> _TASK PROMPT_: Pictures in the data must not be copied, but everything else should be output exactly.

-- INPUT DATA follows --

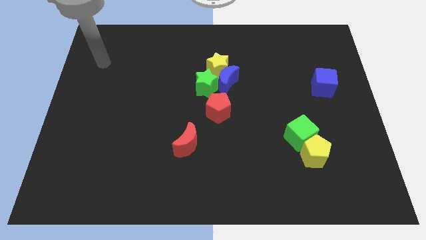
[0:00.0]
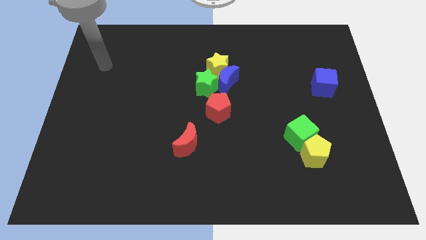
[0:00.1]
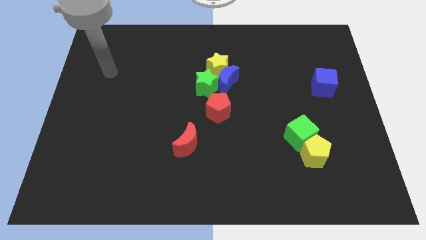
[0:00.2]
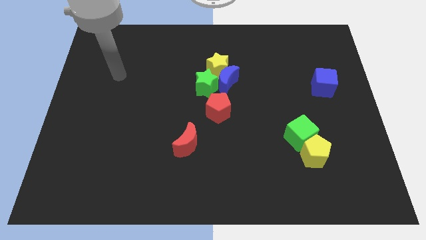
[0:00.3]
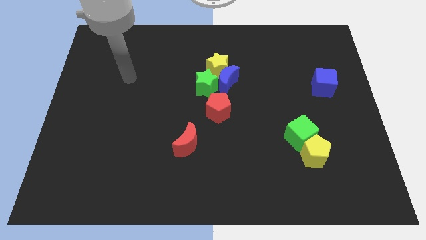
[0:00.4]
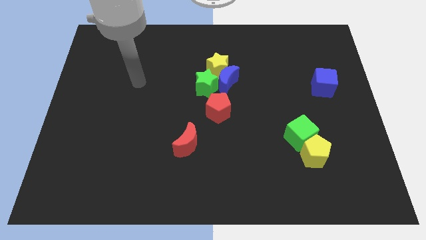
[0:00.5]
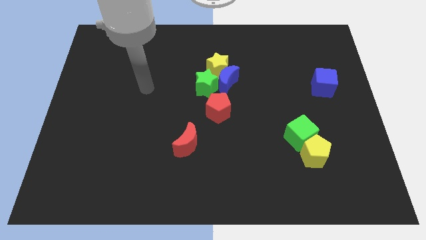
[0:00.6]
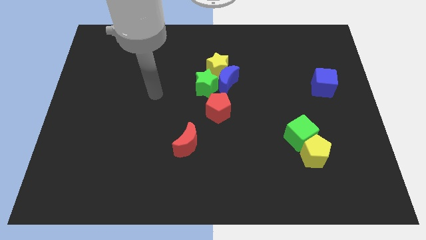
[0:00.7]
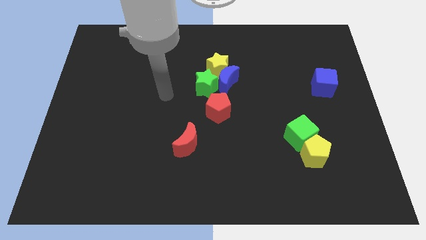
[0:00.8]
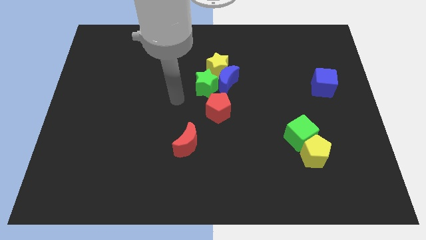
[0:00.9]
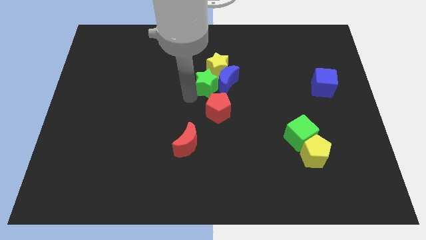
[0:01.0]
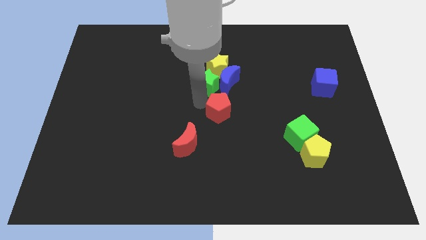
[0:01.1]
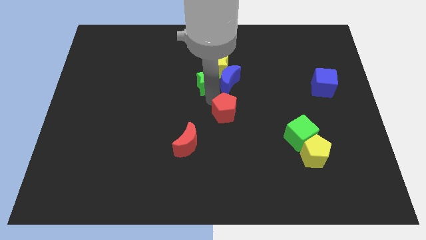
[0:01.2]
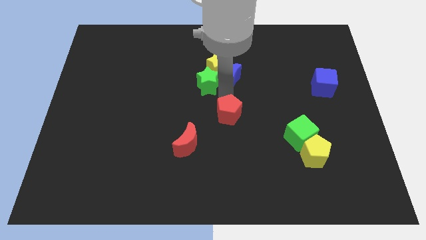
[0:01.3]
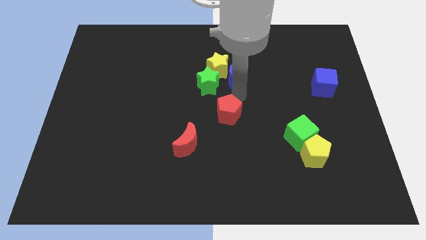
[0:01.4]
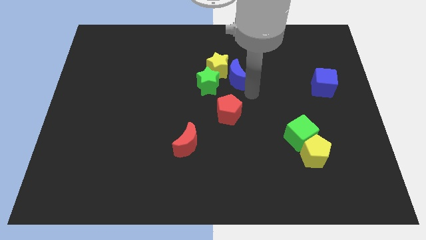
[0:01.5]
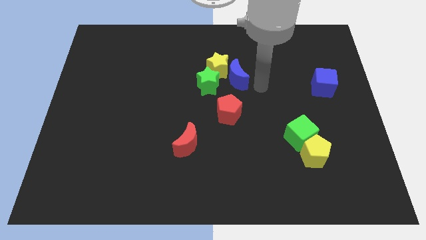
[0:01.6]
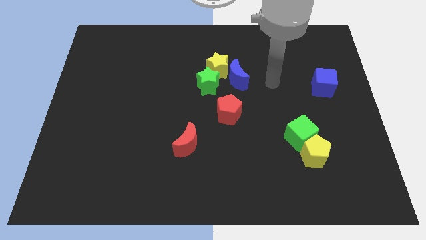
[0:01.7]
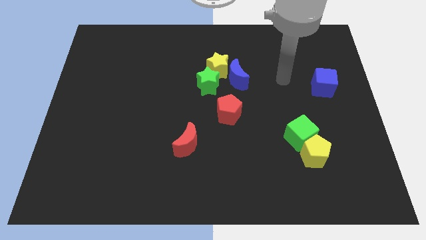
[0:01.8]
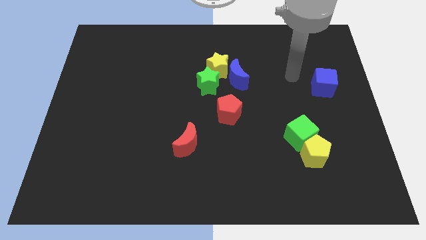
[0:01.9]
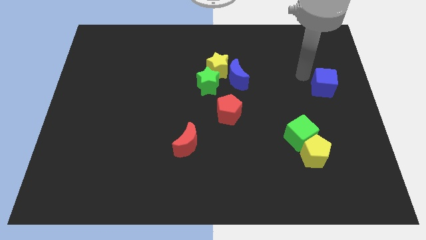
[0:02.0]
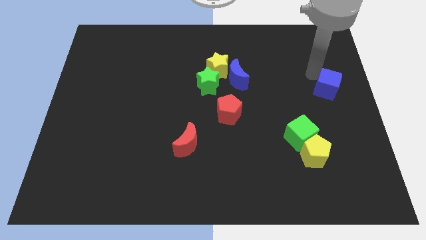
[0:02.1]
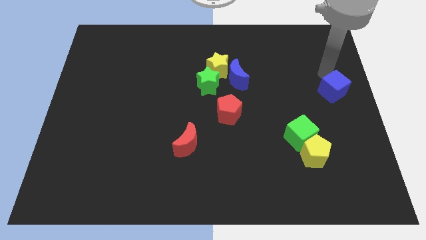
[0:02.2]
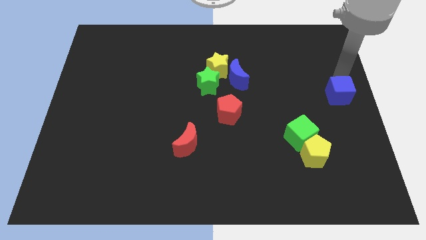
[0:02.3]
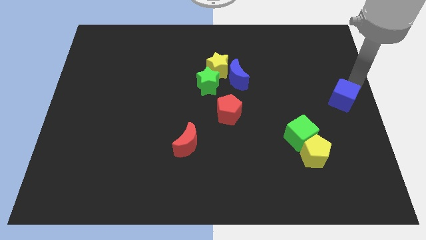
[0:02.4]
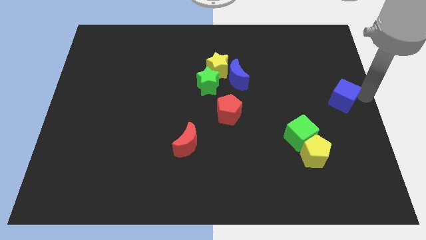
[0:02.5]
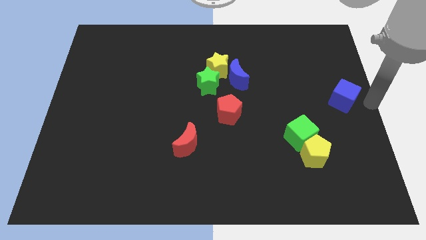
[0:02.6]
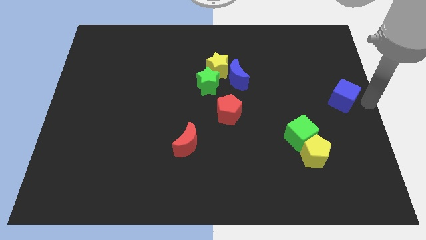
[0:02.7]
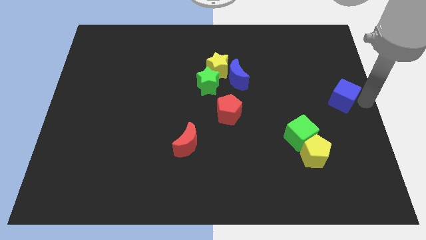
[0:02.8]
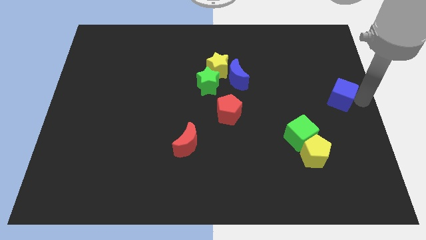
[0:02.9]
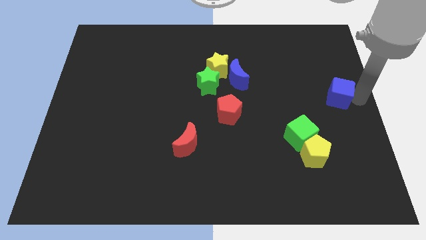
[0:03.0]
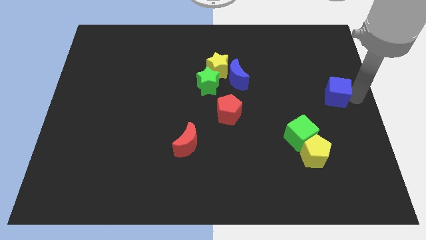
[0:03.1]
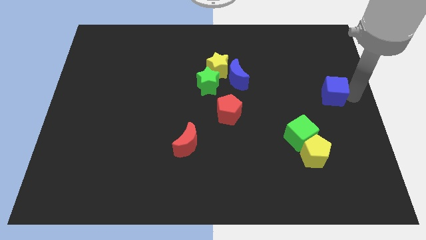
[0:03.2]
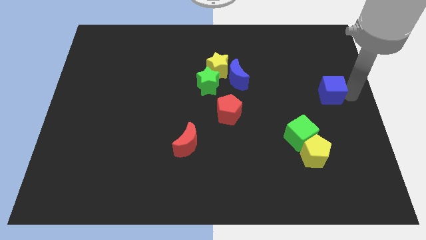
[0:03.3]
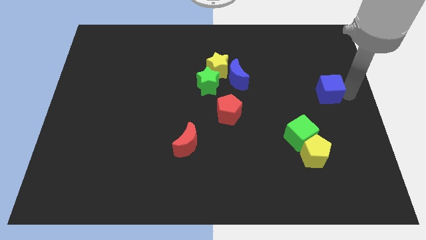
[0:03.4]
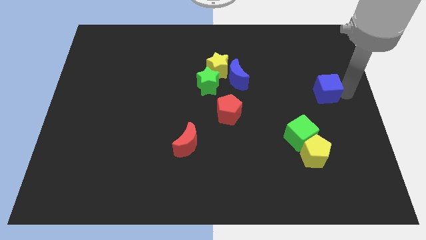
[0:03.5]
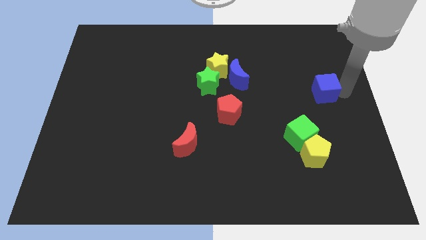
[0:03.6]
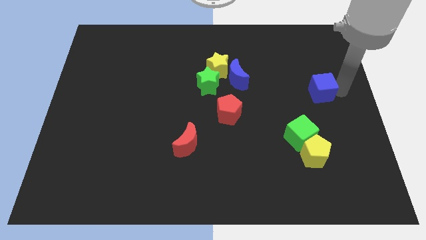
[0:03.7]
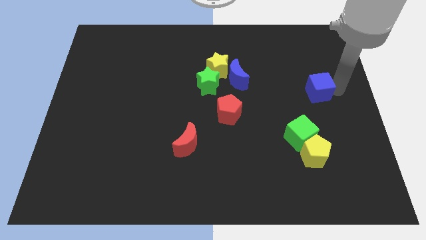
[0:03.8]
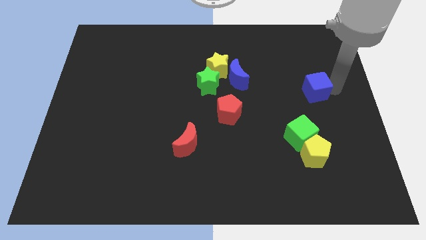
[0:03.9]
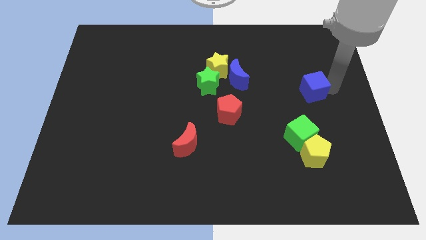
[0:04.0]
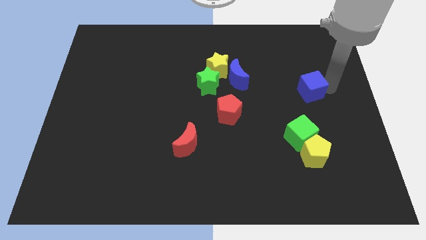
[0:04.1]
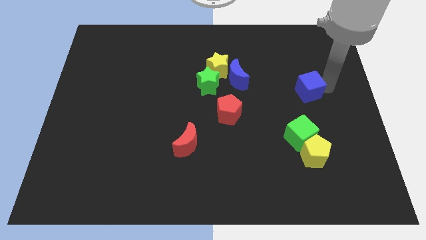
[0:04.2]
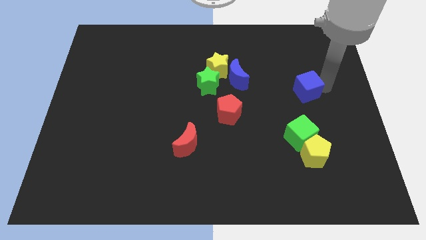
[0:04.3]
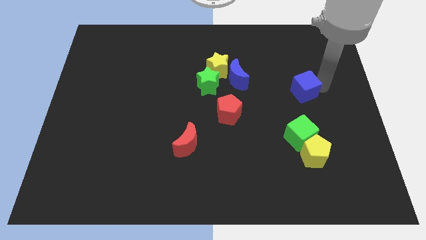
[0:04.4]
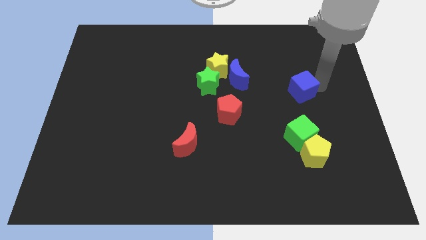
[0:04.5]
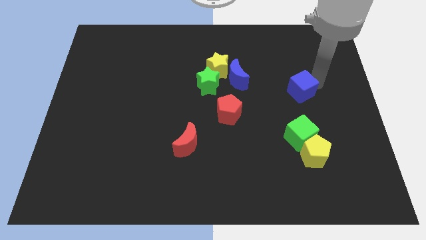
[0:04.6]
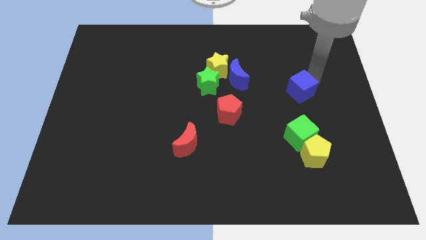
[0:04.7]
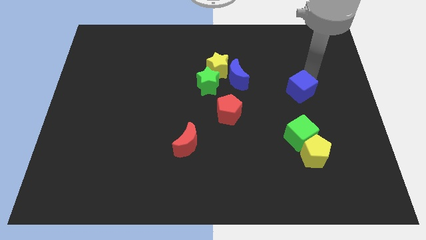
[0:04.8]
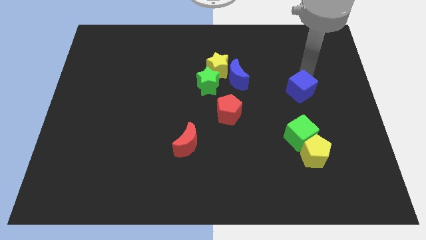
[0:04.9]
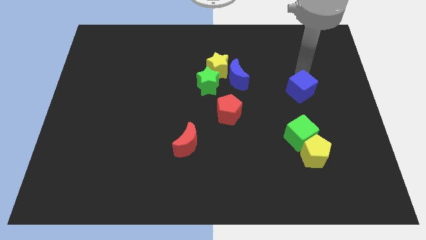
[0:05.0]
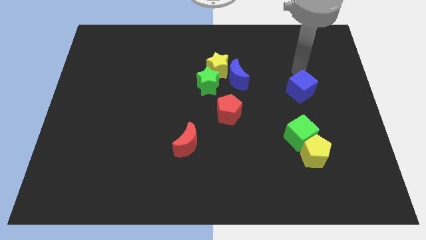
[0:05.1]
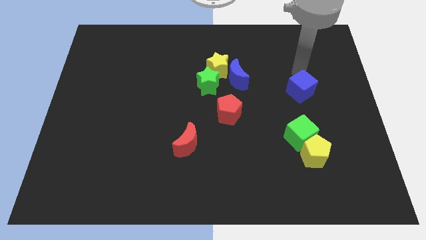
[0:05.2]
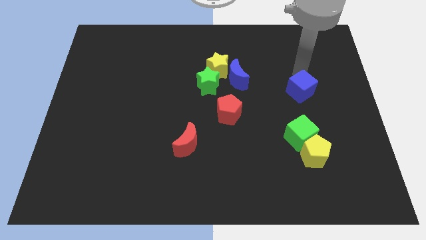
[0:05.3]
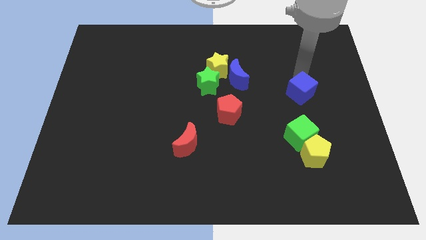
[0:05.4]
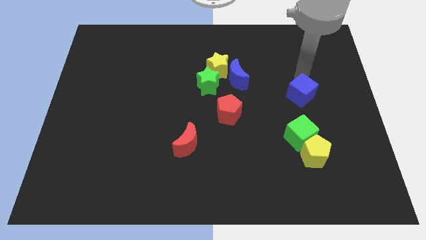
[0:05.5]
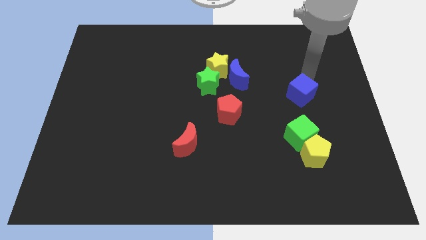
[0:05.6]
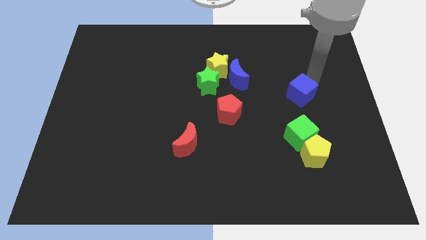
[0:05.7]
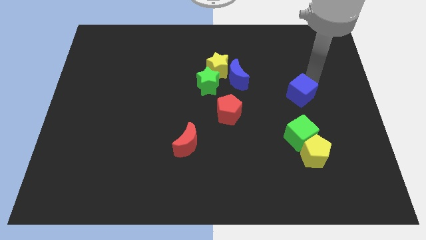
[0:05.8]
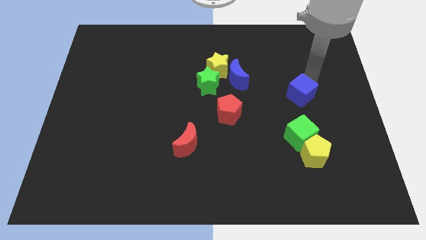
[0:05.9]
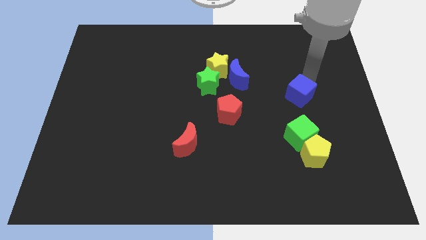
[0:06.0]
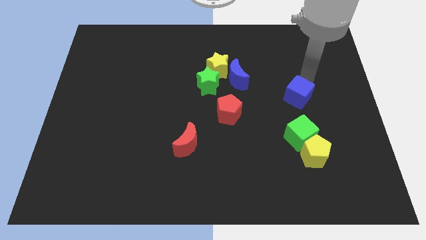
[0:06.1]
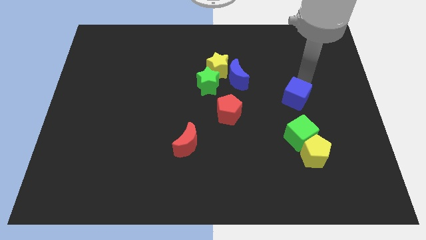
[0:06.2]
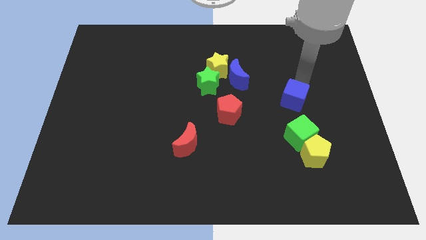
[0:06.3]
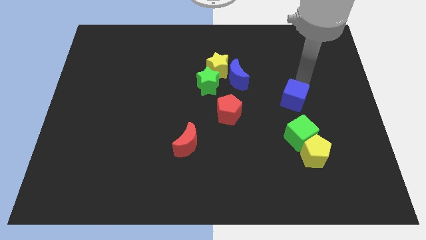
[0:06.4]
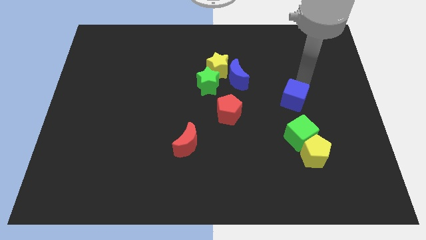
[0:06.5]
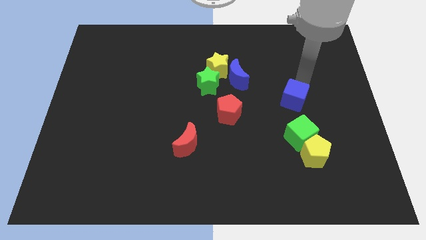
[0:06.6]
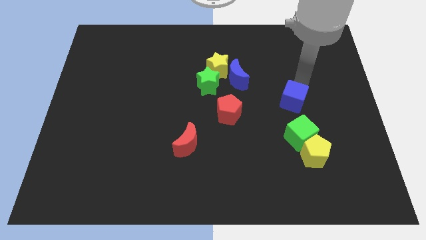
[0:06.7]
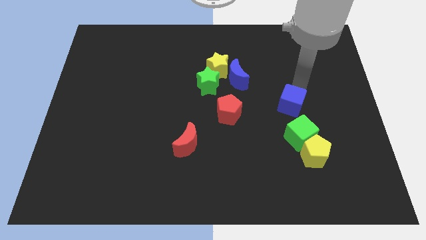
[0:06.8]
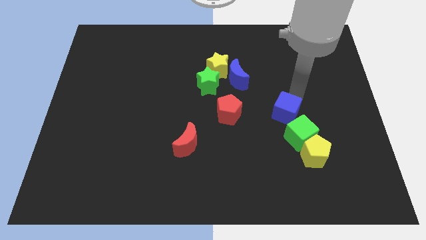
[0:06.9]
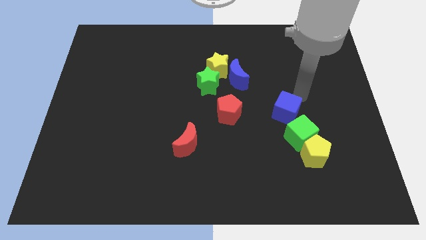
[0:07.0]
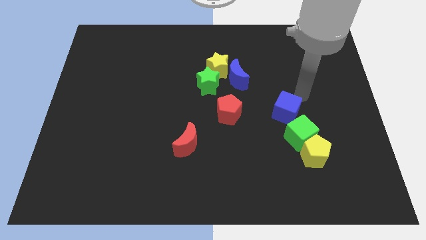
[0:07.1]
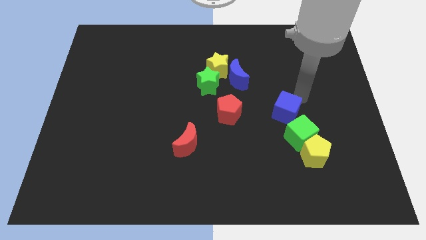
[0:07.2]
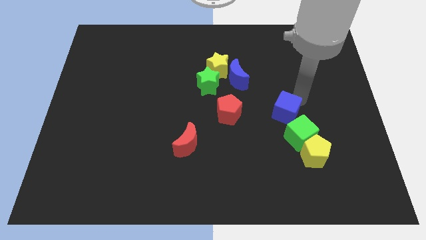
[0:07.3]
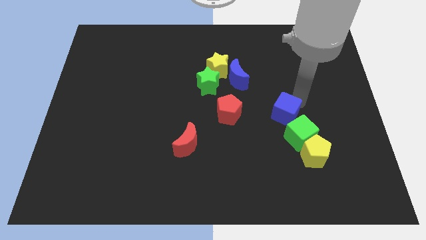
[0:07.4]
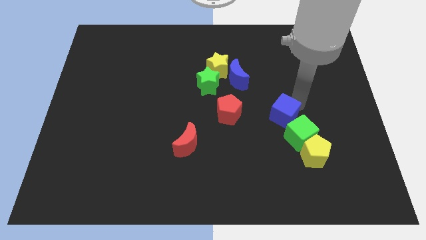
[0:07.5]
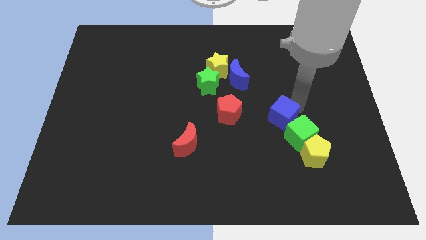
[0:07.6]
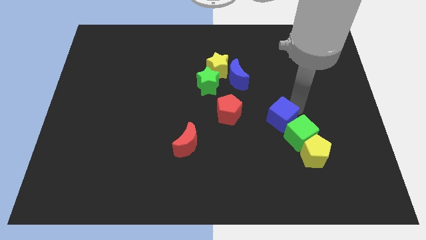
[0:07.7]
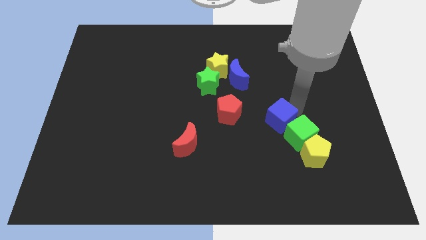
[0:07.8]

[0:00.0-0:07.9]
slide the blue cube to the left of the green cube

-- INPUT DATA concluded --

> _RESPONSE AREA_:
[0:00.0]
[0:00.1]
[0:00.2]
[0:00.3]
[0:00.4]
[0:00.5]
[0:00.6]
[0:00.7]
[0:00.8]
[0:00.9]
[0:01.0]
[0:01.1]
[0:01.2]
[0:01.3]
[0:01.4]
[0:01.5]
[0:01.6]
[0:01.7]
[0:01.8]
[0:01.9]
[0:02.0]
[0:02.1]
[0:02.2]
[0:02.3]
[0:02.4]
[0:02.5]
[0:02.6]
[0:02.7]
[0:02.8]
[0:02.9]
[0:03.0]
[0:03.1]
[0:03.2]
[0:03.3]
[0:03.4]
[0:03.5]
[0:03.6]
[0:03.7]
[0:03.8]
[0:03.9]
[0:04.0]
[0:04.1]
[0:04.2]
[0:04.3]
[0:04.4]
[0:04.5]
[0:04.6]
[0:04.7]
[0:04.8]
[0:04.9]
[0:05.0]
[0:05.1]
[0:05.2]
[0:05.3]
[0:05.4]
[0:05.5]
[0:05.6]
[0:05.7]
[0:05.8]
[0:05.9]
[0:06.0]
[0:06.1]
[0:06.2]
[0:06.3]
[0:06.4]
[0:06.5]
[0:06.6]
[0:06.7]
[0:06.8]
[0:06.9]
[0:07.0]
[0:07.1]
[0:07.2]
[0:07.3]
[0:07.4]
[0:07.5]
[0:07.6]
[0:07.7]
[0:07.8]

[0:00.0-0:07.9]
slide the blue cube to the left of the green cube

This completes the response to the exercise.